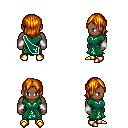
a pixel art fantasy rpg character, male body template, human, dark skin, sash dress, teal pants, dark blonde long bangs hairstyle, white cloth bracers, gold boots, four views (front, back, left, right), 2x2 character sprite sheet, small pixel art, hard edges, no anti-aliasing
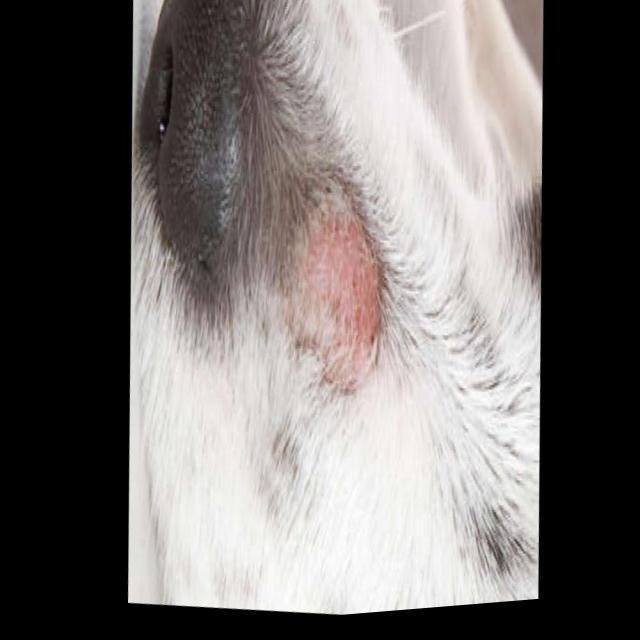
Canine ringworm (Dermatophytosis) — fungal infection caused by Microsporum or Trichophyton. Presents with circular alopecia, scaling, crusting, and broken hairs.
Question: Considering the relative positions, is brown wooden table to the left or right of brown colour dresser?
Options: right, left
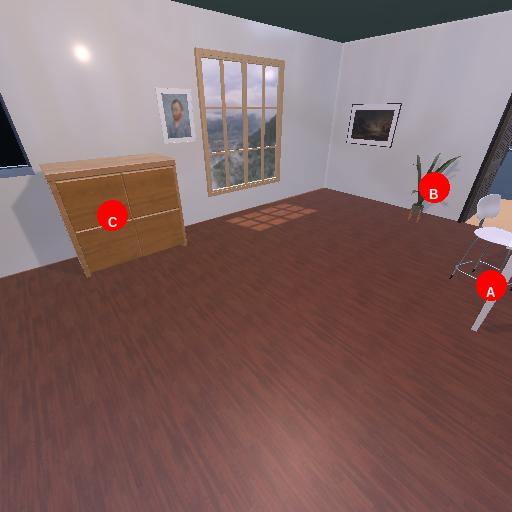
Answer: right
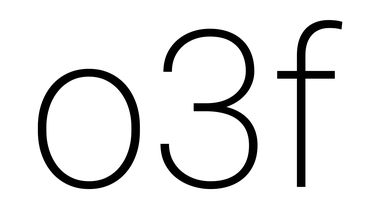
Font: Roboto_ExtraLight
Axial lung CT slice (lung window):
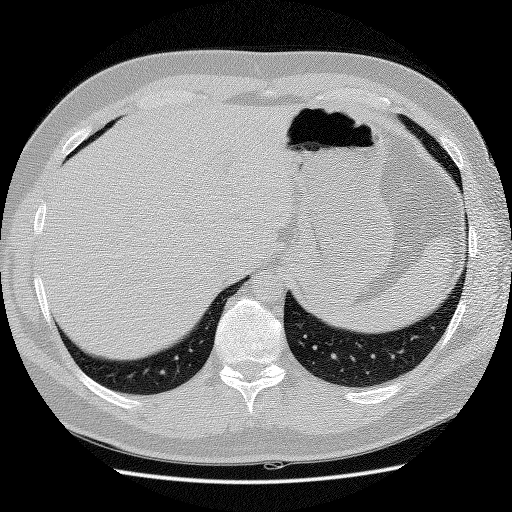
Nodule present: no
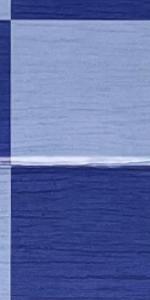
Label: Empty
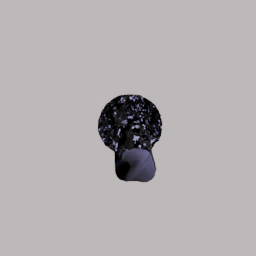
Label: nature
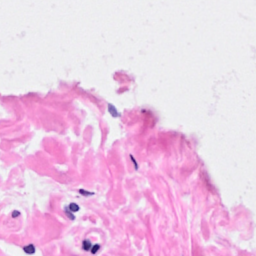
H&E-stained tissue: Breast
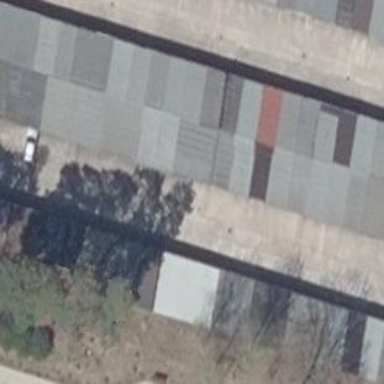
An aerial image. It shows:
****************************************
== Problem description ==
Every line from the one that contains "Question: Considering the" through the end of the records above is to be reproduced exactly; no picture goes in the copy.

== Result of this task ==
Question: Considering the relative positions, is brown wooden table to the left or right of brown colour dresser?
Options: right, left
Answer: right
Font: Roboto_ExtraLight
Axial lung CT slice (lung window):
Nodule present: no
Label: Empty
Label: nature
H&E-stained tissue: Breast
An aerial image. It shows:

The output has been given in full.